(GOAL OF THE EXERCISE): How many lines below contain the word "round"? Reply solely with the number.

(RECORDS SUPPLIED):
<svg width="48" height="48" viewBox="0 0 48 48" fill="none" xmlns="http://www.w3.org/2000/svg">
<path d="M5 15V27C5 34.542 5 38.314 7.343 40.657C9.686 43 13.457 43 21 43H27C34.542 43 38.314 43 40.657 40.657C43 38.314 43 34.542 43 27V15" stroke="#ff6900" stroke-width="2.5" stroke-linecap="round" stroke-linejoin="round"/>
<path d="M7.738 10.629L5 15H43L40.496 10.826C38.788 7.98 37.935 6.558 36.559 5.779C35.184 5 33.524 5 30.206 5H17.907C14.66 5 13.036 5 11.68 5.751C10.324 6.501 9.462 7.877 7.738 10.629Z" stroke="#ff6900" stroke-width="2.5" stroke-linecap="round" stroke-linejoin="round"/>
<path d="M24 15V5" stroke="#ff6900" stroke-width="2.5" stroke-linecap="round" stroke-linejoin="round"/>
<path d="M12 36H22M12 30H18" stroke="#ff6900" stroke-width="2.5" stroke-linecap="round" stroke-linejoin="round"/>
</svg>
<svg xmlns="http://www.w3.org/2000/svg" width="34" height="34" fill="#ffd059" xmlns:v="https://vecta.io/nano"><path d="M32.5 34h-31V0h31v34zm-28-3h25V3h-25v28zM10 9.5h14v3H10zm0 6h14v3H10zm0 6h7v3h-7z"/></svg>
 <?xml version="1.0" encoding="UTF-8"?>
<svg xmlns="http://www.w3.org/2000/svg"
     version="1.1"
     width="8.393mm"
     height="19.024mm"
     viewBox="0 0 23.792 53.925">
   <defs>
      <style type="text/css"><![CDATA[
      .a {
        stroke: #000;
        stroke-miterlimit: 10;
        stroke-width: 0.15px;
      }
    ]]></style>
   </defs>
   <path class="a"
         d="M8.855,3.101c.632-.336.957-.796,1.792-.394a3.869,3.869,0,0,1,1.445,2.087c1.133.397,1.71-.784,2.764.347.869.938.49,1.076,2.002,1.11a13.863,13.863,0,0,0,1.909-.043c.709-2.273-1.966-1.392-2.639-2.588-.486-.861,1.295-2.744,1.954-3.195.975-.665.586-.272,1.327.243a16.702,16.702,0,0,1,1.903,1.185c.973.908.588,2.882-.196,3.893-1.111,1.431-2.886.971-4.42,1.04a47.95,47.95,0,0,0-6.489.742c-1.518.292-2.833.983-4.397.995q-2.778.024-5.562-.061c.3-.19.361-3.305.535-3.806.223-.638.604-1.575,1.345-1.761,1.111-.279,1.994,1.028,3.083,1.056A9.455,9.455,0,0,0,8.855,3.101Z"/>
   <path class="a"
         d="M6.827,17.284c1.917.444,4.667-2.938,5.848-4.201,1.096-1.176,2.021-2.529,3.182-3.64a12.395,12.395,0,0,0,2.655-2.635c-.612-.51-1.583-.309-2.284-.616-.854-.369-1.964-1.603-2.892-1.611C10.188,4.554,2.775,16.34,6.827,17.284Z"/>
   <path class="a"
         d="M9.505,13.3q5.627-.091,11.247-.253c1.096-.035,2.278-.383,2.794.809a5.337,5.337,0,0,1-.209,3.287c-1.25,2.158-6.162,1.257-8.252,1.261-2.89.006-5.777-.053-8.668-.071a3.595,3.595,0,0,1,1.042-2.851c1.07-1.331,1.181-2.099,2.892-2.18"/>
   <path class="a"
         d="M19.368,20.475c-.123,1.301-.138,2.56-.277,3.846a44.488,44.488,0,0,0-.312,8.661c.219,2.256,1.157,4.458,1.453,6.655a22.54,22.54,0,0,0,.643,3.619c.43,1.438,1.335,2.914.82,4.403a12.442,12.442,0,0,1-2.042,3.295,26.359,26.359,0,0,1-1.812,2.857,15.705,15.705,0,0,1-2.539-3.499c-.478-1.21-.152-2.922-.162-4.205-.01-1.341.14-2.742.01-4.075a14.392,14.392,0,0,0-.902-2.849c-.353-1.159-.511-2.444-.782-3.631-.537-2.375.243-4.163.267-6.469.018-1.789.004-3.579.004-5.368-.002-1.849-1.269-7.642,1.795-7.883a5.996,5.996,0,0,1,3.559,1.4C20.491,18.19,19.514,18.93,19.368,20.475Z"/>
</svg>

(ANSWER BOX): 4